I was completely puzzled by this behavior. The strangest part was that it happened for some images but not for others. Even more interesting, this behavior was not unique to RoboFlow. It also happened in Label Studio, and the strangest part was that the bug was consistent between the two platforms. But when I inspected it in locally in MacOS Preview and Python, the pre-annotations were correct. What was going on?

This is how the image and the pre-annotations looked in Label Studio.

This is how the image and the pre-annotations looked in Label Studio.

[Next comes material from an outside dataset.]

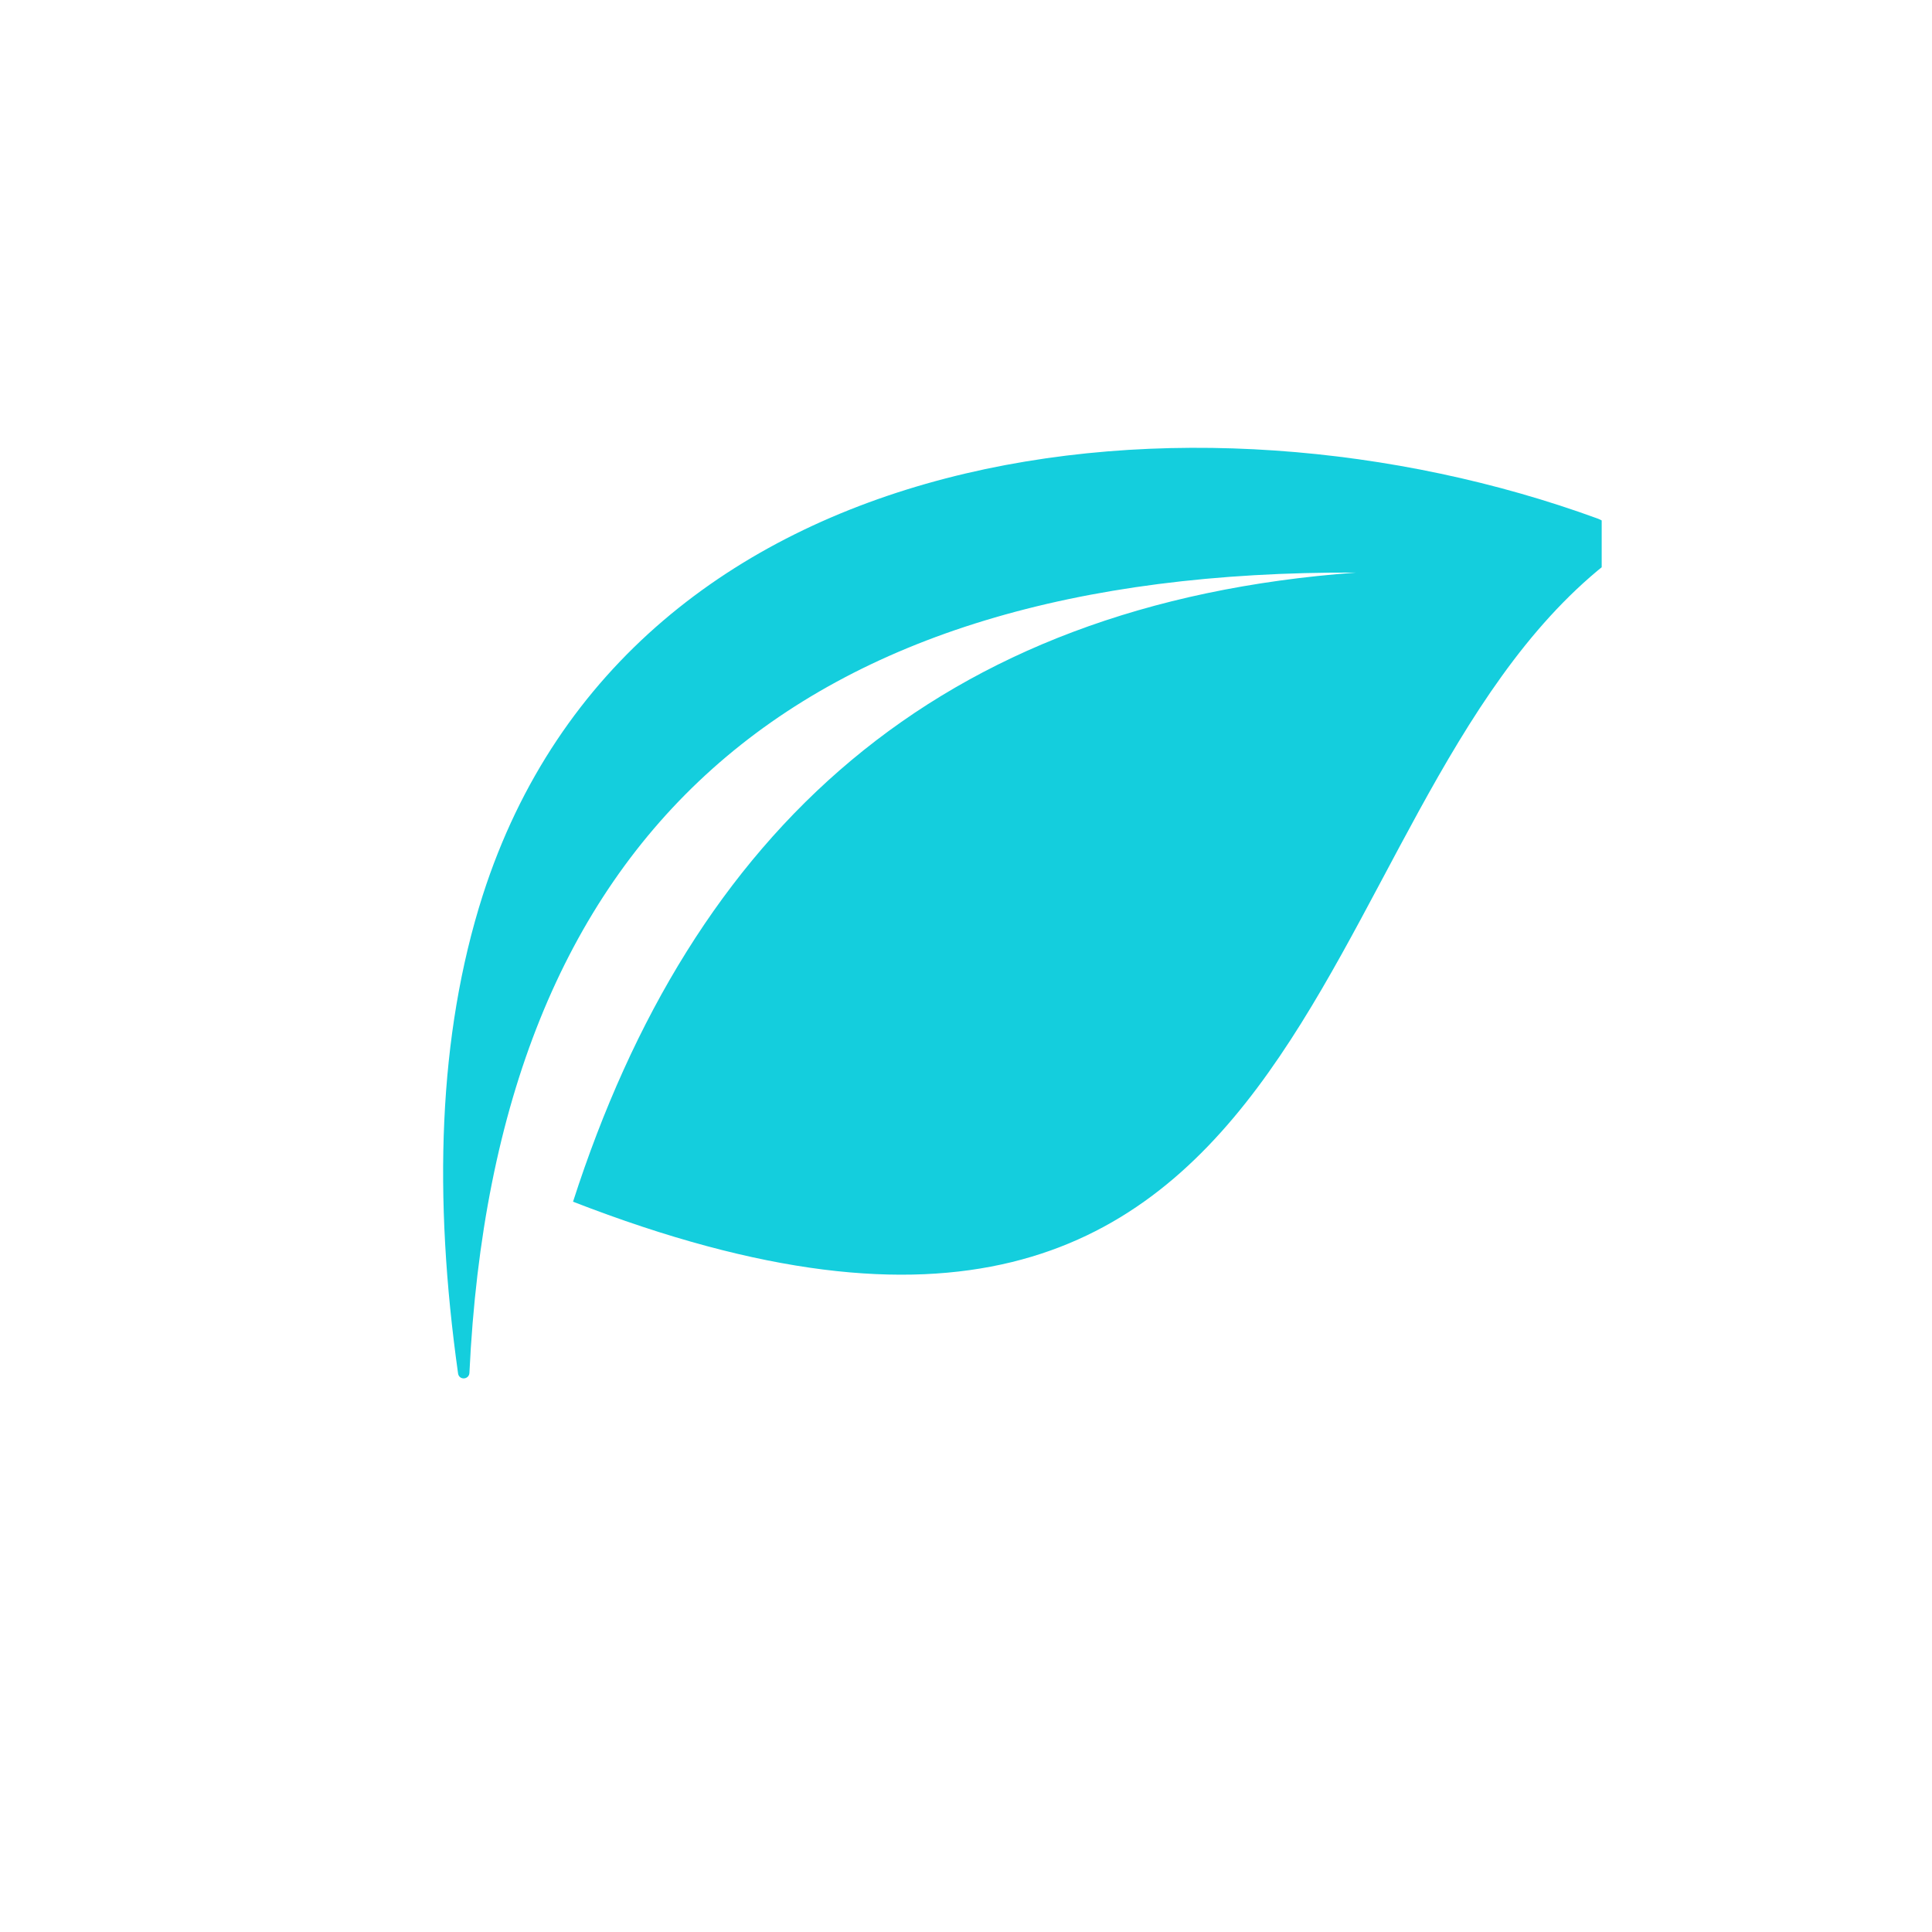 <svg xmlns="http://www.w3.org/2000/svg" xmlns:xlink="http://www.w3.org/1999/xlink" width="40" zoomAndPan="magnify" viewBox="0 0 30 30" height="40" preserveAspectRatio="xMidYMid meet" version="1.0"><defs><clipPath id="7dddb10b9a"><path d="M 6.727 6 L 24.871 6 L 24.871 22 L 6.727 22 Z M 6.727 6 " clip-rule="nonzero"/></clipPath></defs><g clip-path="url(#7dddb10b9a)"><path fill="#14cedd" d="M 21.059 8.891 C 12.359 8.852 7.688 12.914 7.289 21.32 C 7.281 21.426 7.129 21.434 7.113 21.328 C 6.727 18.582 6.801 16.078 7.496 13.902 C 9.801 6.719 18.578 5.777 24.805 8.051 C 25.113 8.164 25.176 8.562 24.918 8.77 C 20.062 12.652 20.723 23.254 8.898 18.66 C 10.746 12.922 14.531 9.367 21.059 8.891 " fill-opacity="1" fill-rule="evenodd"/></g></svg>

It turns out that when you take a picture with a smartphone, the phone’s orientation is recorded in the image’s metadata. Many applications (e.g., MacOS Preview and Python’s Pillow) use this information to display the image in the correct orientation. However, not all software and websites do this. Normally, this is not a big issue, but it is a big problem in an active learning pipeline. In my case, my pipeline opened the image with Pillow, which rotated the image based on the metadata, and thus, the pre-annotations were created based on this rotated version. When it uploaded the images to RoboFlow or Label Studio, you upload both the image and the annotations. However, when RoboFlow and Label Studio display the image in their UI, they ignore the orientation metedata and thus the annotations do not align anymore.

How do we fix this?

The problem is that the metadata is not used consistently between different software. So, the best way to fix this is to read the metadata once, rotate the image to the correct orientation, and then save the image without the metadata. This way, everyone will display the image consistently. Luckily, we can fix this with Python using the function below. It reads the metadata. If there is any orientation metadata and the orientation is not the default, it rotates the image. Then, the updated image is returned without the metadata.

from PIL import Image

def _fix_rotation(image: Image) -> Image:  
    # Read the metadata of the image
    exif = image._getexif()  
    # The metadata key for the orientation of the image
    orientation_key = 274
    no_orientation_metadata_present = exif is None or orientation_key not in exif
    if no_orientation_metadata_present:
        # Do nothing
        return image
    
    orientation = exif[orientation_key]
    # The rotation values are represented using integer values 
    # that map to the following degrees
    rotation_values = {3: 180, 6: 270, 8: 90}  
    if orientation in rotation_values:  
        return image.rotate(rotation_values[orientation], expand=True)  
  
    return image

This orientation bug is very subtle but sadly very common. Therefore, you should always remove the orientation metadata from any image before labeling it. Better safe than sorry.